Again: Canada has had eight foreign ministers in just over eight years. There is no reason for Canada’s foreign minister to be taken seriously if he is Random Guy Who Won’t Be At Next Year’s Meeting. At this point in the conversation somebody can usually be found to say, “but the PM runs foreign policy so it doesn’t matter who has the title.” This is one of those things that sound sophisticated but aren’t. The PM is physically trapped in Ottawa for most of the parliamentary year, has domestic imperatives when he does travel outside Ottawa, and misses most of the big meetings where global players coordinate their responses to assorted crises. A good foreign minister acts for Canada when the PM can’t be there to do so. Stephen Harper’s consistent refusal to hire impressive foreign ministers reflects only his own insecurity.

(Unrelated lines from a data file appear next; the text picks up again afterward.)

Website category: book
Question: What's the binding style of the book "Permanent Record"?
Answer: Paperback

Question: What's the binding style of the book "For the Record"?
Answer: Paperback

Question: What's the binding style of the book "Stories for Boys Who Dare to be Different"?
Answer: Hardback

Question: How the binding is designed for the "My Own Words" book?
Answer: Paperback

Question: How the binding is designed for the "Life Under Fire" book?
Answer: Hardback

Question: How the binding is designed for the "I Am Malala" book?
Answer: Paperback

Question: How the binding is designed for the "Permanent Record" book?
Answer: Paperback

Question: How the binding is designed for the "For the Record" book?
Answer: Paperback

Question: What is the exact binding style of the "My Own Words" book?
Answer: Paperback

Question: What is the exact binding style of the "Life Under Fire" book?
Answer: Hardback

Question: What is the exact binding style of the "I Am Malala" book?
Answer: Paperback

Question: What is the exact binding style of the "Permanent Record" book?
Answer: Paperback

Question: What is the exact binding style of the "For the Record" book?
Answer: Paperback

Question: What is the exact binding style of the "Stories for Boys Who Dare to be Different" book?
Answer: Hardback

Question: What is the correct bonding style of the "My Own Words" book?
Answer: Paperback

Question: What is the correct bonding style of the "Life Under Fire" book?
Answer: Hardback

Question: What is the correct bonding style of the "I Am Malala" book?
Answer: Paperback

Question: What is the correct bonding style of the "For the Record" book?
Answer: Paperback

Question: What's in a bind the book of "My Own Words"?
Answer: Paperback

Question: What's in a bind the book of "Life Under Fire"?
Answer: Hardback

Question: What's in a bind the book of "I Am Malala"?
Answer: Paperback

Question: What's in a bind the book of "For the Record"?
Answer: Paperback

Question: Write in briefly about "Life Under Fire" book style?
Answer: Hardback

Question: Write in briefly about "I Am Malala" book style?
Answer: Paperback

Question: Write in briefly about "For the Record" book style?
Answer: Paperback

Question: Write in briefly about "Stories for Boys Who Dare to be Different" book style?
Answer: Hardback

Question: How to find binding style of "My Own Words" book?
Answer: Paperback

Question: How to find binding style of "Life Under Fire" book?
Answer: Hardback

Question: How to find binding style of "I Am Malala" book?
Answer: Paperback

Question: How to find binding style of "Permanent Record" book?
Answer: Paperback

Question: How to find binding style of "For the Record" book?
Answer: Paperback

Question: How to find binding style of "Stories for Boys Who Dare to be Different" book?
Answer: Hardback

Finally I told the diplomats that, since Stockwell Day is Stockwell Day and Lawrence Cannon isn’t even interesting enough to be Stockwell Day, the most important interlocutor in Harper’s Ottawa for any foreign goverment is Jason Kenney, the new minister for multiculturalism and immigration. Obviously he has new responsibilities and will be less free to attend every reception on the embassy circuit. But Kenney still has special responsibility for ensuring his party is well-regarded by immigrant communities. That means he’ll need to be aware of, and sensitive to, dozens of countries’ interests on dozens of files. And unlike many others, Kenney has the PM’s ear and a demonstrated history of modest but real success in carrying out his assignments.

If the foreign and trade ministers have no particular clout and the immigration minister has more, this is only partially a by-product of the Harper cabinet-making style. It’s also a reflection of the kind of country Canada is. Unlike, say, Norway or France, countries whose interaction with the world mostly takes place out in the world, Canada’s interactions with the world take place largely on Canadian soil. It’s an accident of the personalities involved that Harper’s new cabinet will reflect that division of labour.

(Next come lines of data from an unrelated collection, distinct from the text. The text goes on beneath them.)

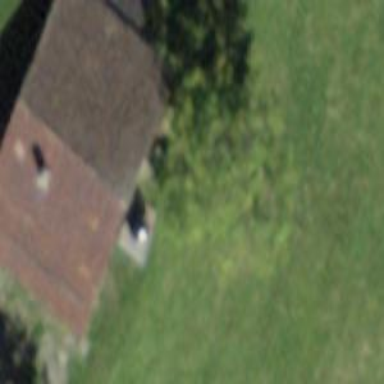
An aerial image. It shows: Farm building.
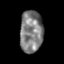
Tissue: skin
Cell type: Epithelial cells
Senescence score: 0.2046
Nuclear area (px): 939
Mean DAPI intensity: 127.168
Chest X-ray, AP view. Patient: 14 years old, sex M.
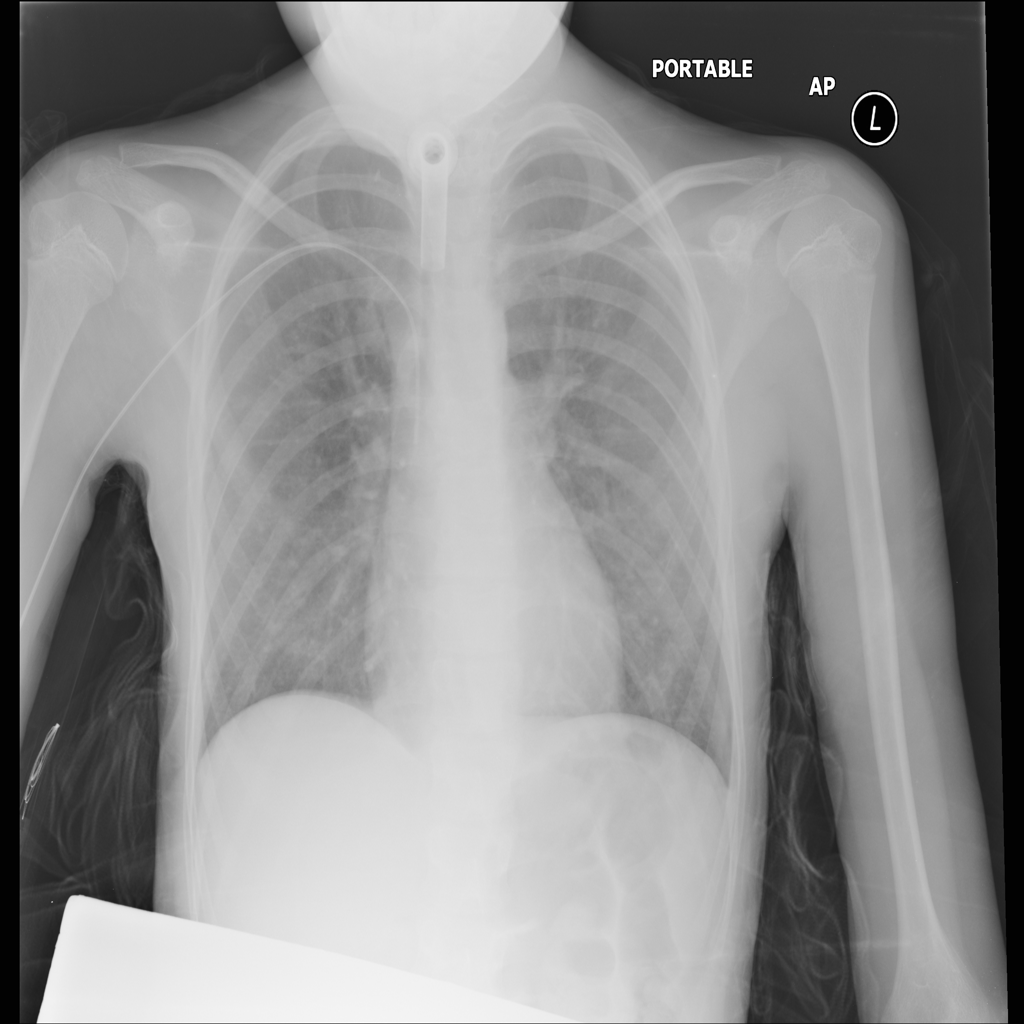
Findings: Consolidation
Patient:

There’s one more file that will lead Canada’s foreign policy in the next several months: the environment.

I keep running into Conservatives who are convinced Jim Prentice’s assignment to Environment is a punishment. It’s a difficult file, the Conservatives can never get credit for managing it, and any action Prentice does take will be felt in the oil patch — where he hopes to finance any future run for the leadership. Plus apparently the distribution of cabinet-committee assignments clips Prentice’s wings considerably. I think there’s probably something to all that. It fits with previous Harper cabinet assignments — MacKay and Bernier to Foreign Affairs.

But Prentice will have an important assignment for all that. Harper’s comments after the cabinet shuffle hinted at what it is when he talked about balancing the economy and the environment. The new U.S. administration will be crucial to both. My suspicion, confirmed by Conservatives I’ve chatted with, is that Prentice’s mandate letter tells him to keep Canada’s policy on greenhouse gases closely harmonized with that of a new Obama administration.

Probably this will be easy work. It wasn’t widely noted, but Obama spent almost no time talking about global warming or about serious attempts to slow or remedy it. So if he doesn’t do much on the file, he provides cover for Harper. If he does, then matching his moves — getting Canada into what would otherwise be a U.S.-only carbon market, for instance — protects Canada from a competitive disadvantage. As a really nice bonus, it also makes Harper hard to touch politically. “I built a 21st-century green economy with Barack Obama. What did the Liberals ever accomplish?”

So there’s your foreign policy team: Lawrence Cannon, Stockwell Day, Jason Kenney and Jim Prentice. In reverse order of importance.